Rex picked up a small oval-framed photograph of Rodney taken at about the age Rex had seen him on his last visit to Swanmere. “I’m sorry about what happened to your son. I spoke briefly with my mother this evening before we were cut off. She sends her warmest regards.”

“Dear Moira.” Mrs. Smithings took the photograph and gazed at it through her reading spectacles. “It was too big a sacrifice, Reginald. He was all I had left.”

All those sons lost in Iraq and Afghanistan, all those grieving mothers. Rex considered how his own mother would cope if something happened to him. The thought made his heart contract most painfully.

Mrs. Smithings returned the photograph to its place on the table. With nothing else to add, Rex retreated to the drawing room where the fire flickered cheerfully in welcome counterpoint to the formal atmosphere of the parlor. He was itching to look in the library safe and see what Wanda had referred to in her diary, but decided to wait until he was sure he wouldn’t be seen. Settling into an armchair, he pulled out his notebook.

When Rosie entered the room to announce dinner an hour later, he was so absorbed by the lists and Venn diagrams covering the pages that he jumped in his seat.

“Where are the others?” she asked in surprise.

“Keeping to their rooms, I expect. I’ll round them up for you.”

“I’d be so grateful. My legs are killing me. I’ve been up and down those stairs like a yo-yo.”

“Rosie,” he said. “Did you make up room number five this morning—Ms. Martyr’s room?”

“I knocked, and when she didn’t answer, I went in. But she was asleep so I crept out again.”

“What time was this?”

“Must’ve been about eleven.”

“Are you sure?” Wanda would probably have been dead by then.

“Yes. I left her room until last since she sometimes slept late. She was out like a light.”

“Whose key did you use?”

“I didn’t need a key. The door from Ms. d’Arcy’s room was unlocked. I did her room first.” Rosie chewed her bottom lip.

“What is it, lass?”

“Well, about an hour before that, I was about to knock on Ms. d’Arcy’s door to deliver clean towels when I heard her say something like, ‘Oh, Wanda, I’m sorry to have to do this but you deserve it. You took Paul from me and I’m not going to let you stand in my way again.’ The door was slightly ajar and I heard her clearly. I didn’t think much about it at the time, but later, when I learned that her friend had died, I—I …”

“You interpreted the words in a different light.”

“Exactly.”

“What did Wanda say in reply?”

“Nothing. It was like Ms. d’Arcy was talking to herself, only she sounded a bit worked up. Anyway, I had my hand to the door, ready to knock, and decided not to as it sounded private.”

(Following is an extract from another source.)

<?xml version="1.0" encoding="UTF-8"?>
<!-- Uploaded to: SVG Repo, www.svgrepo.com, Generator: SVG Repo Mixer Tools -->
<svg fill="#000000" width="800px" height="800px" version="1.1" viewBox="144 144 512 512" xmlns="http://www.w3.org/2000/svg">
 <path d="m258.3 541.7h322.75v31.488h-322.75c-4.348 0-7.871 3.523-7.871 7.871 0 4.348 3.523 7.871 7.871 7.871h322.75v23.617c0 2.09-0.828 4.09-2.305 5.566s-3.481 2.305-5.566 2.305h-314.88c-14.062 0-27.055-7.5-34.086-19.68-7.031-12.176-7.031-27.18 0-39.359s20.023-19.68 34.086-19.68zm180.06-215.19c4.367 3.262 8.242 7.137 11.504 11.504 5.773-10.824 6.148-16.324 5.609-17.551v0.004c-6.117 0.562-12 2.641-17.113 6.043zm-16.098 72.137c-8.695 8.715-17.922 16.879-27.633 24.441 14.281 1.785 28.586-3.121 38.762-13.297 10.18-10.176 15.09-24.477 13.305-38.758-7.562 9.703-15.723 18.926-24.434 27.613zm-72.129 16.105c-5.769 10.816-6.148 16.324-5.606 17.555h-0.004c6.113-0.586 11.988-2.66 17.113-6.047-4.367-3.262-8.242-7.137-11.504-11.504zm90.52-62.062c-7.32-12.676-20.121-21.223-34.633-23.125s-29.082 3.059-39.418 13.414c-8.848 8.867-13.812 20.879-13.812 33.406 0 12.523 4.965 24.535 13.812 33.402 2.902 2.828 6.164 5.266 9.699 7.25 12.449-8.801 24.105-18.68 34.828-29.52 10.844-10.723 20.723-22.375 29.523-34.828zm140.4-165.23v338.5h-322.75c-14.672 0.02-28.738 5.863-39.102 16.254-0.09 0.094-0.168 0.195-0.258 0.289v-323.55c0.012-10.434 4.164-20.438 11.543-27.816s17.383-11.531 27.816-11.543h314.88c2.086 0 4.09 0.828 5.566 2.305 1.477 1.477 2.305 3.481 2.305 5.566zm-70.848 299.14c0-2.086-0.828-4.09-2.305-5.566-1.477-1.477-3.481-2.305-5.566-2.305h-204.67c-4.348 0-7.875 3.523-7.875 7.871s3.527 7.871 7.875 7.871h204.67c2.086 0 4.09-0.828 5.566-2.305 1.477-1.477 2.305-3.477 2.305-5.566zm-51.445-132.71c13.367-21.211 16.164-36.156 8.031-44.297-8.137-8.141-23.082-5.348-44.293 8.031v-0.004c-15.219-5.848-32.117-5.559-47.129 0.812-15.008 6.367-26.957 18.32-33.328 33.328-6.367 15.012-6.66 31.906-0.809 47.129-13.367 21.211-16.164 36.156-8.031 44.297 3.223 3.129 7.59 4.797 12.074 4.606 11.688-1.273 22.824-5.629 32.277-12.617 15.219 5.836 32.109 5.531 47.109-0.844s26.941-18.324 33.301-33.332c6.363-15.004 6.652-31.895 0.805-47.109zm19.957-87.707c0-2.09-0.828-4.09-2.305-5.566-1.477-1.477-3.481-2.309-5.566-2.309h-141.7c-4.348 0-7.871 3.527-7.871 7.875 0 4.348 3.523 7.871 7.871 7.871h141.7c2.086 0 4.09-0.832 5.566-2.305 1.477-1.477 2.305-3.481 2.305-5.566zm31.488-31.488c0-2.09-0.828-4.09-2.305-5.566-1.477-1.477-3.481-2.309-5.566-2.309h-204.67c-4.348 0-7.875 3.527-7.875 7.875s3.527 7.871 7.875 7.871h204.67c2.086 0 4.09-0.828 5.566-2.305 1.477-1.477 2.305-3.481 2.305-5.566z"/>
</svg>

Rex nodded and turned toward the French doors. What was the significance of what Rosie had heard Helen say? The fact that Rosie mentioned the name Paul gave her story a ring of truth. Deep in thought, he mounted the stairs and knocked at the honeymoon suite, then Helen’s room, and finally at Patrick and Anthony’s. “Dinner is ready,” he told the guests. He escorted Helen downstairs. “Feeling better?” he asked.